I have a xml file in the setup folder of a windows application. Now during the installation how do i copy this file to my application's folder so that it can be copied to this path C:\Program Files (x86).......
I can not add the file to the application folder in the setup project because the content of file might change after build of setup project.
Its an external xml file in located inside set up folder. and I want to copy this file on installation path(C:/Program Files...) during installation. I will give this file with msi installer in side installer folder.
Please provide any idea if someone have....
If I'm understanding you correctly, this might solve your problem, or at least get you started:
Include the file in the main project (for instance in a folder called "resources"). Right click the file in VS, choose properties, and set Copy to output directory to Coppy Always.

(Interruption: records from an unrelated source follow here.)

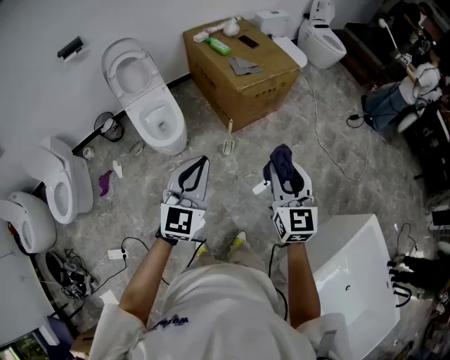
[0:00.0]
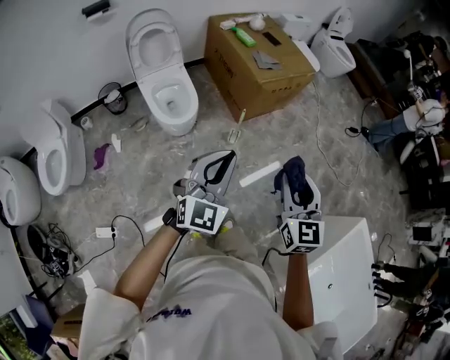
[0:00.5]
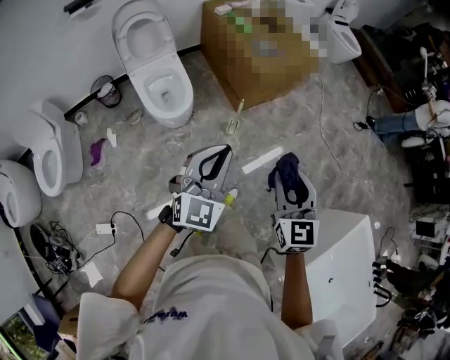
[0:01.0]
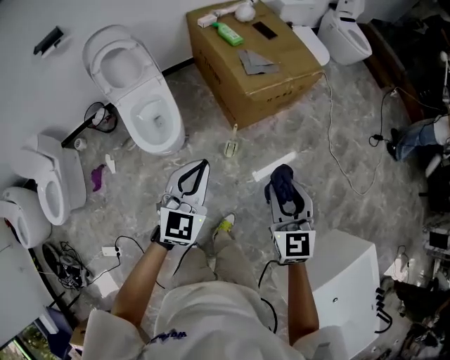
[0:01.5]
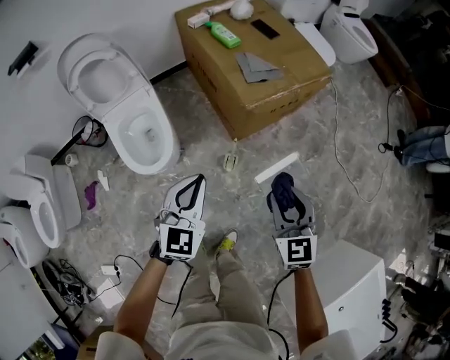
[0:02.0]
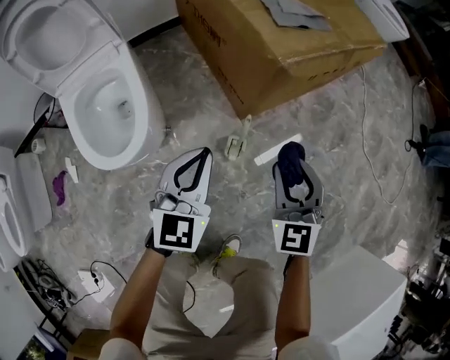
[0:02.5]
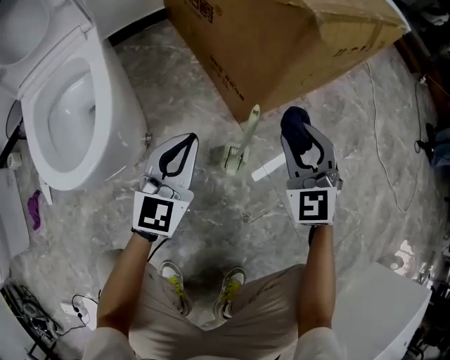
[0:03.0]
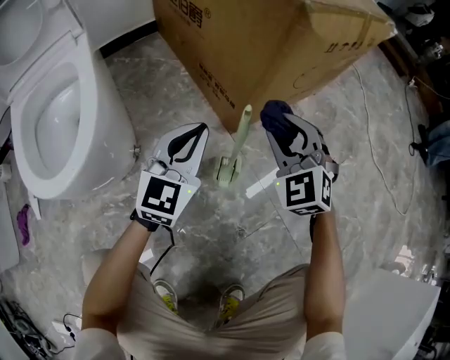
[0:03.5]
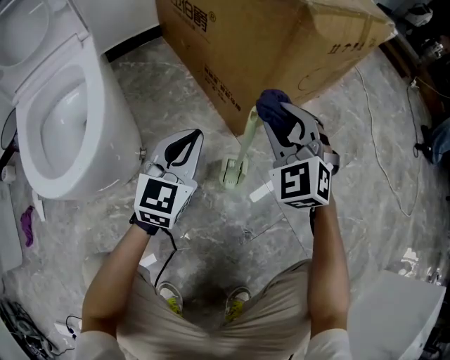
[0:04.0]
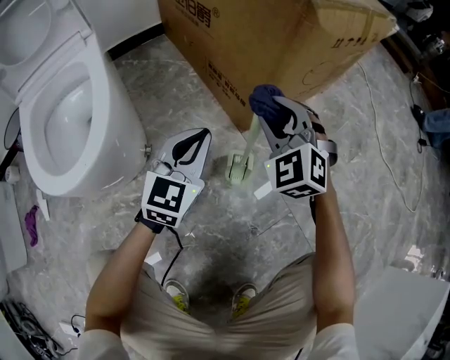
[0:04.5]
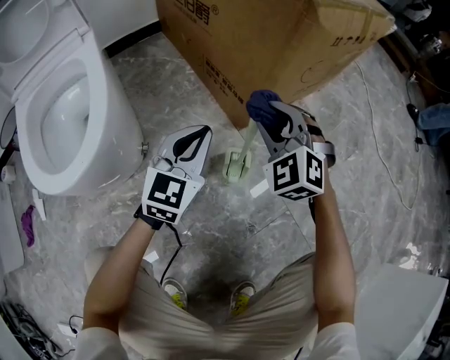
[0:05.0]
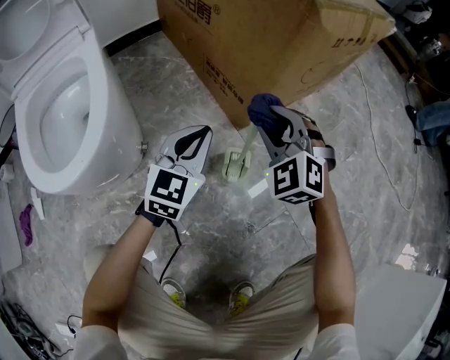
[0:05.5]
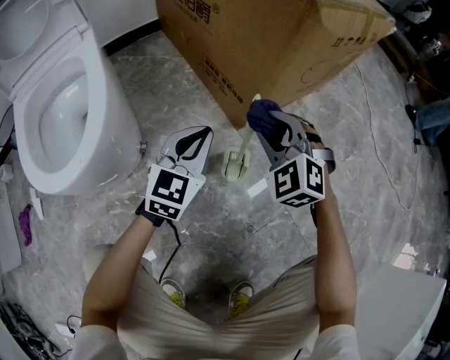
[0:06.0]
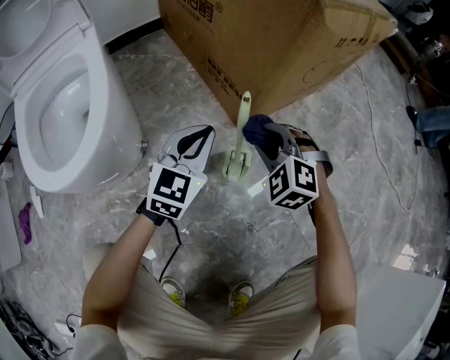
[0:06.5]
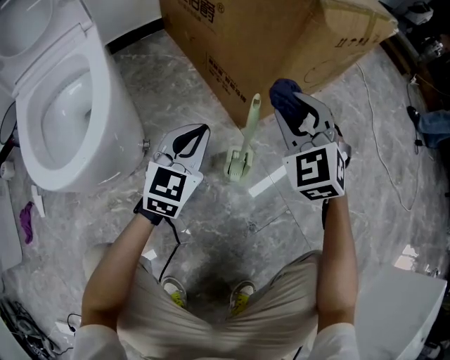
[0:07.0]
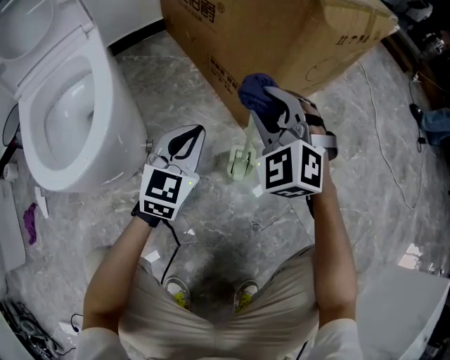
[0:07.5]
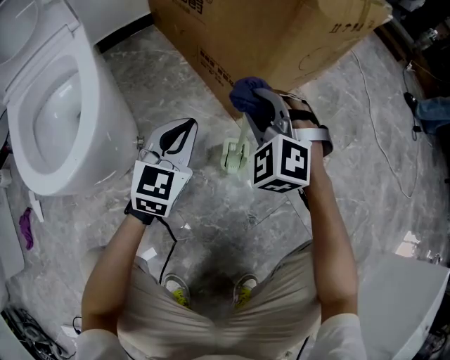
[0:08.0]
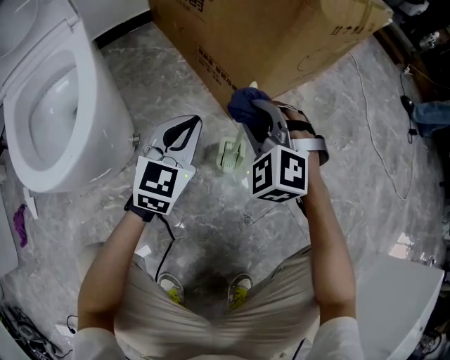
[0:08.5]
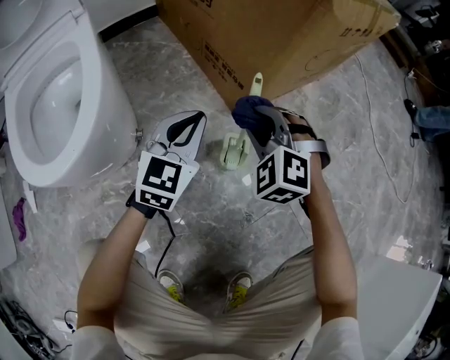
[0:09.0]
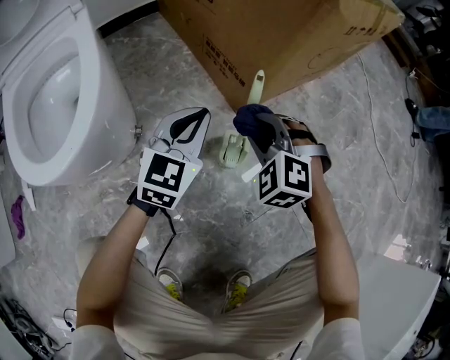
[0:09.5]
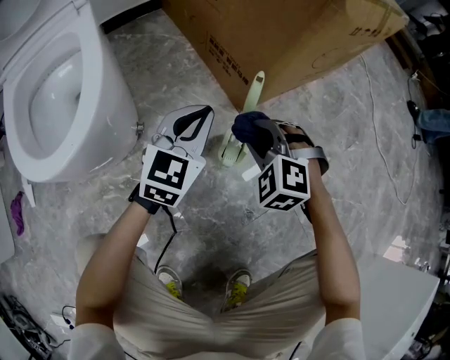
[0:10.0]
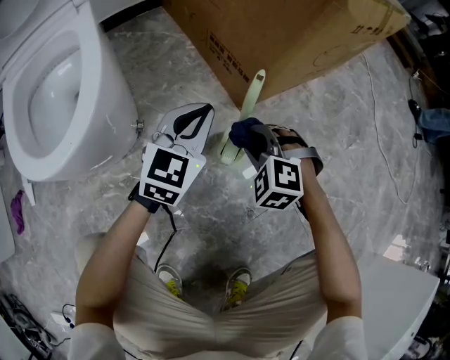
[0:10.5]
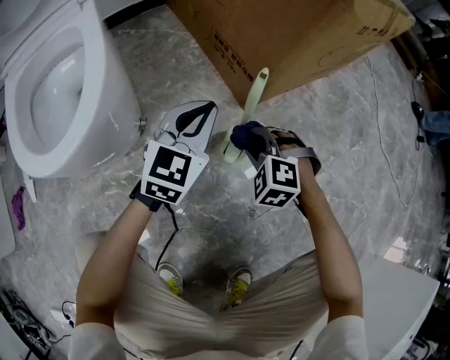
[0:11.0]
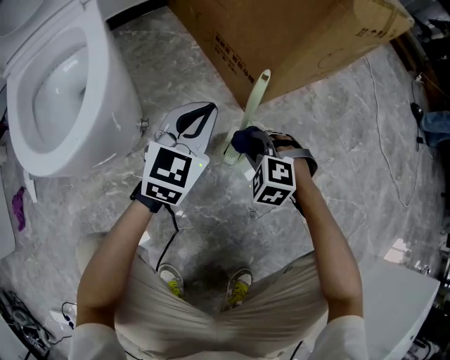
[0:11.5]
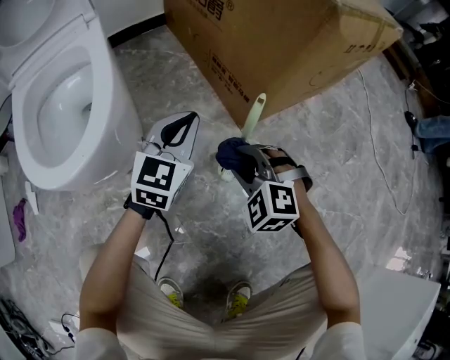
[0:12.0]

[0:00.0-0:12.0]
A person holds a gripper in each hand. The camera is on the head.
0:00.0 to 0:02.0: Both grippers travel together forward and downward, roughly 35 cm.
0:02.0 to 0:04.0: The right gripper heads downward and forward, covering some 50 cm, and swivels roughly 40 degrees. The left gripper goes about 50 cm downward.
0:04.0 to 0:06.0: The right gripper is displaced downward by roughly 5 cm.
0:06.0 to 0:08.0: The right gripper swings up and down, some 10 cm each way, with 2 reversals.
0:08.0 to 0:10.0: The right gripper goes roughly 10 cm downward and backward.
0:10.0 to 0:12.0: The right gripper travels downward and back again, roughly 10 cm each way.

I want to embed a PDF file (which is basically have Product details, Release notes) and wants to open that file from menu bar. What would be the best approach. I need to use this file in installer also. So i'm looking for an approach in which file will be moved to BIN on compilation and from there installer can access that file.
IDEAS ...
Add the file to the project the builds the EXE (use Add existing file in visual studio). Then right click on the file in visual studio, go to properties, and verify that the build action is "Content" and the copy to output directory is "Always" or "If newer" (whichever suits you).
Then this file will always be copied to the same directory where the EXE resides and your application will be able to access it because it's always in the application's directory.
If the installer just takes the BIN directory then it will also be able to access it because the file will reside in the BIN directory.
Have fun!
Finally i did it in following way:
a. We've a folder which contains notes.pdf (used by installshield).
b. Created a pre build command to copy the pdf file from installshield folder to output directory.
c. use process.start("notes.pdf"); to open the file. As it would look in bin directory first for pdf file and we've already copied it there.
It worked for both Installer version and running application from code.